The usual result of a XML parser needs a lot of memory and present generally inefficient access mecanisms for links. Event-based XML parser SAX allows to access to relevant datas without loading the full document, but is slower than a classical parser and has the same drawbacks concerning reversibility of access. Our proposal is to use FSA techniques for the internal representation of the XML document. FSA techniques present time and space optimisations and efficient reversible access. The efficiency of this representation exploit the redundancy of the information. By indentifying and encoding this redundancy with respectively a RROM and a XML document, we can obtain in a straightforward way this efficient internal representation.
Figure: Screen shot of the workbench.
Figure: Dependency tree.
Each auxiliary ressource document is compiled into an automaton with prefix sharing (lexicographic trees).
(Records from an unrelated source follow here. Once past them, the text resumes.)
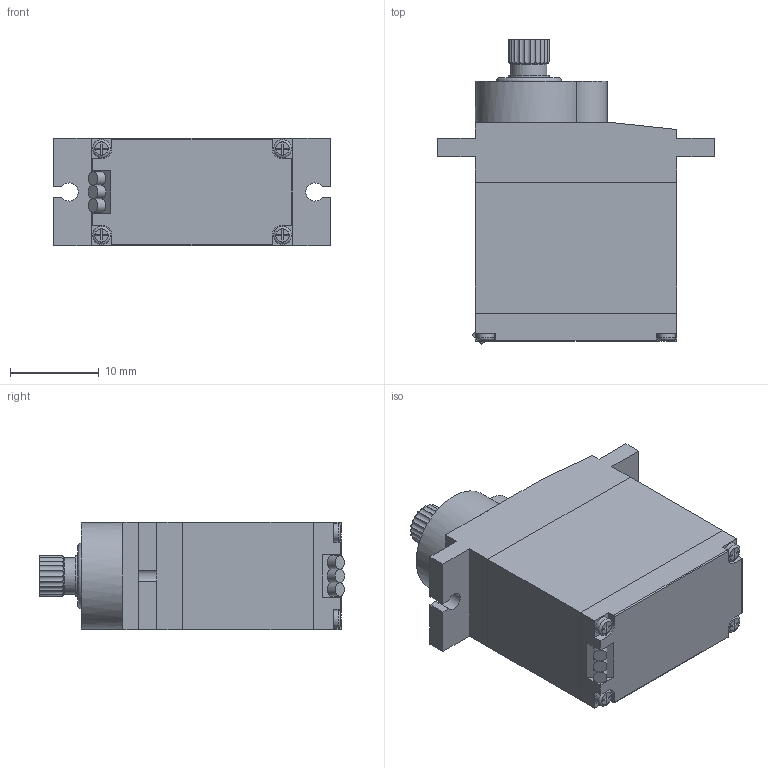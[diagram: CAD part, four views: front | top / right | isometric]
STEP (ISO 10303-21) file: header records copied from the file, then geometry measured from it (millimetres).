
FILE_DESCRIPTION(/* description */ (''),/* implementation_level */ '2;1');
FILE_NAME(/* name */ 'MG92B v15 v2.step',/* time_stamp */ '2018-09-09T17:48:42-04:00',/* author */ ('Xaveagle'),/* organization */ (''),/* preprocessor_version */ 'ST-DEVELOPER v17.2',/* originating_system */ 'Autodesk Translation Framework v7.6.0.251',/* authorisation */ '');
FILE_SCHEMA (('AUTOMOTIVE_DESIGN { 1 0 10303 214 3 1 1 }'));
Length unit declared in the file: inch
Products named in the file (1): MG92B v15
Bounding box: 31.24 x 34.39 x 12.06 mm (x, y, z)
Volume: 7555.4 mm3; surface area: 2842 mm2
Topology: 1 solids, 1 shells, 182 faces, 478 edges, 310 vertices
Faces by surface type: plane 112, cylinder 60, torus 5, cone 3, bspline 2
Full cylindrical faces by diameter (mm): 1.524 x1, 2.032 x5, 2.271 x5, 2.845 x4, 4.064 x1, 4.623 x1
Entity records: 6552 total; most frequent: CARTESIAN_POINT 1905, ORIENTED_EDGE 956, DIRECTION 896, EDGE_CURVE 478, LINE 326, VECTOR 326, VERTEX_POINT 310, AXIS2_PLACEMENT_3D 285
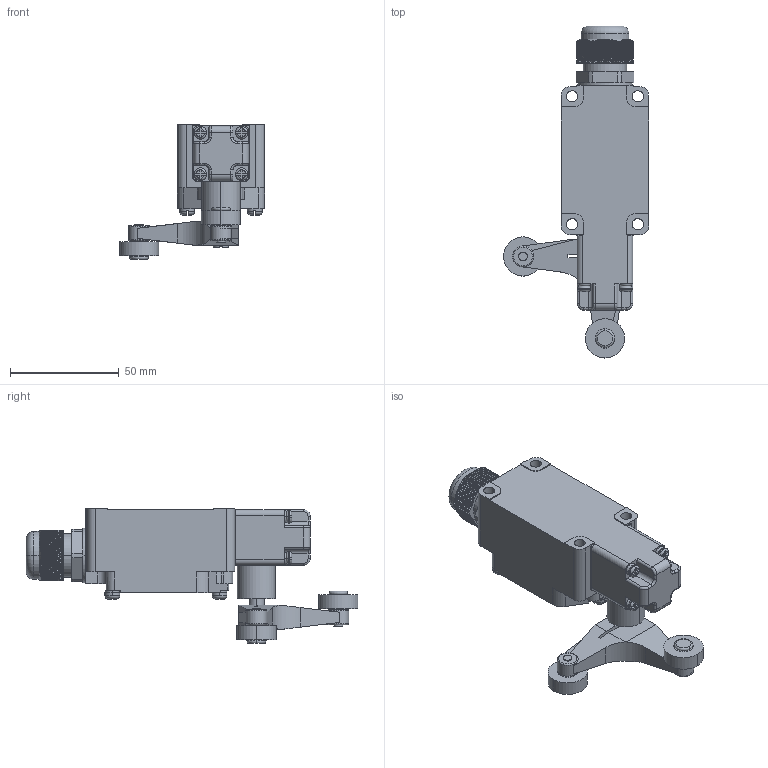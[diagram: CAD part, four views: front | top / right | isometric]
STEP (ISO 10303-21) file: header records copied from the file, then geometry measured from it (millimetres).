
FILE_DESCRIPTION((''),'2;1');
FILE_NAME('ASM0001_ASM','2024-11-22T',('Administrator'),('zyb.com'),'PRO/ENGINEER BY PARAMETRIC TECHNOLOGY CORPORATION, 2010280','PRO/ENGINEER BY PARAMETRIC TECHNOLOGY CORPORATION, 2010280','');
FILE_SCHEMA(('CONFIG_CONTROL_DESIGN'));
Length unit declared in the file: millimetre
Products named in the file (3): Y20241122001; LA167-Z5-105; ASM0001_ASM
Assembly tree (2 placements, depth 2):
  ASM0001_ASM
    Y20241122001
    LA167-Z5-105
Bounding box: 66.6 x 152.3 x 61.85 mm (x, y, z)
Volume: 136142.1 mm3; surface area: 32753.1 mm2
Topology: 3 solids, 3 shells, 796 faces, 2167 edges, 1414 vertices
Faces by surface type: plane 474, cylinder 250, torus 68, cone 4
Entity records: 25901 total; most frequent: CARTESIAN_POINT 5810, ORIENTED_EDGE 4334, DIRECTION 4037, EDGE_CURVE 2167, AXIS2_PLACEMENT_3D 1425, VERTEX_POINT 1414, VECTOR 1187, LINE 1187

Each XML relational document gives the transitions between the different automata obtained with the auxiliary ressource document. A relational document can be compiled into a transducer which links some auxiliary ressources entries identified by their XML id. Edges of this tranducer are labelled with the couple of names in relation (see figure 4) in order to allow fully reversible access. The reading of any tag gives in linear time the link to all auxiliary ressources in relation to this tag. Identifiers used in the XML encoding are only used to build this representation.
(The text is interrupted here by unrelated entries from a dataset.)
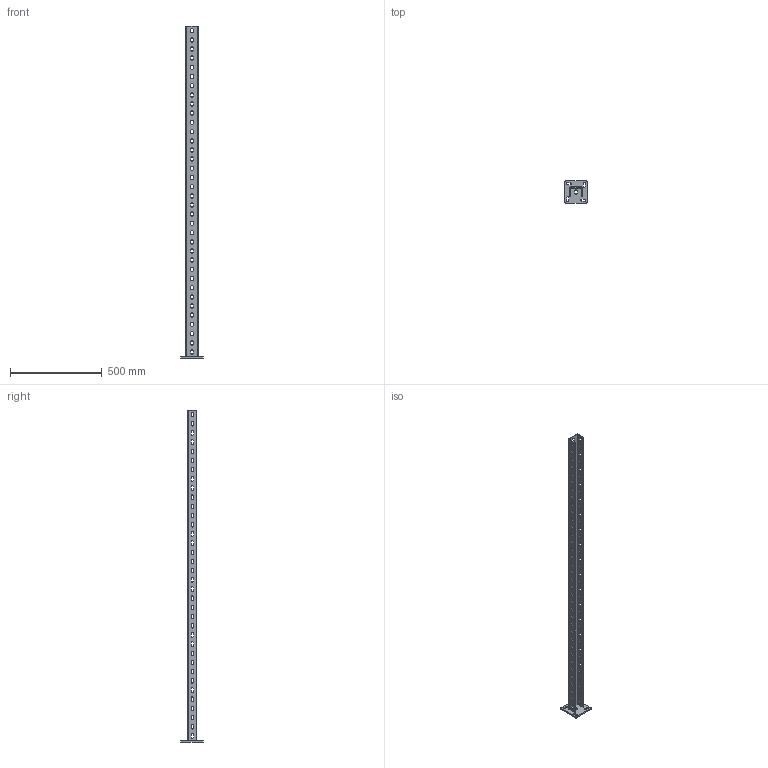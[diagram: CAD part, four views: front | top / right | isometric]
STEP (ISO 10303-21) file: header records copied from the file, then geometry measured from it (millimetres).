
FILE_DESCRIPTION (( 'STEP AP214' ), '1' );
FILE_NAME ('Äåòàë__1800.STEP', '2023-04-03T10:42:02', ( '' ), ( '' ), 'SwSTEP 2.0', 'SolidWorks 2022', '' );
FILE_SCHEMA (( 'AUTOMOTIVE_DESIGN' ));
Length unit declared in the file: millimetre
Products named in the file (1): Детал__1800
Bounding box: 120 x 120 x 1808 mm (x, y, z)
Volume: 1125033.1 mm3; surface area: 585055.9 mm2
Topology: 1 solids, 1 shells, 585 faces, 1746 edges, 1164 vertices
Faces by surface type: cylinder 344, plane 241
Entity records: 20414 total; most frequent: DIRECTION 3606, CARTESIAN_POINT 3496, ORIENTED_EDGE 3492, EDGE_CURVE 1746, AXIS2_PLACEMENT_3D 1274, VERTEX_POINT 1164, LINE 1058, VECTOR 1058

In figure 4 the reading of an event key gives the access to all level of annotation which are linked to the corresponding event. Given a word, the access to the following word is just the word associated to the next event key. The access to a given word (or a given tag) results in a list of event keys corresponding to all occurrences of the word (or the tag) on the reference axis (ie in the corpus) still in linear time.
Even in the case of very large corpora, the size of auxiliary ressources automata is limited. On the contrary, the internal representation of the reference axis and of the different transitions to words and tags can be very large when there are millions of events. In this case, cache techniques with temporary files may be necessary.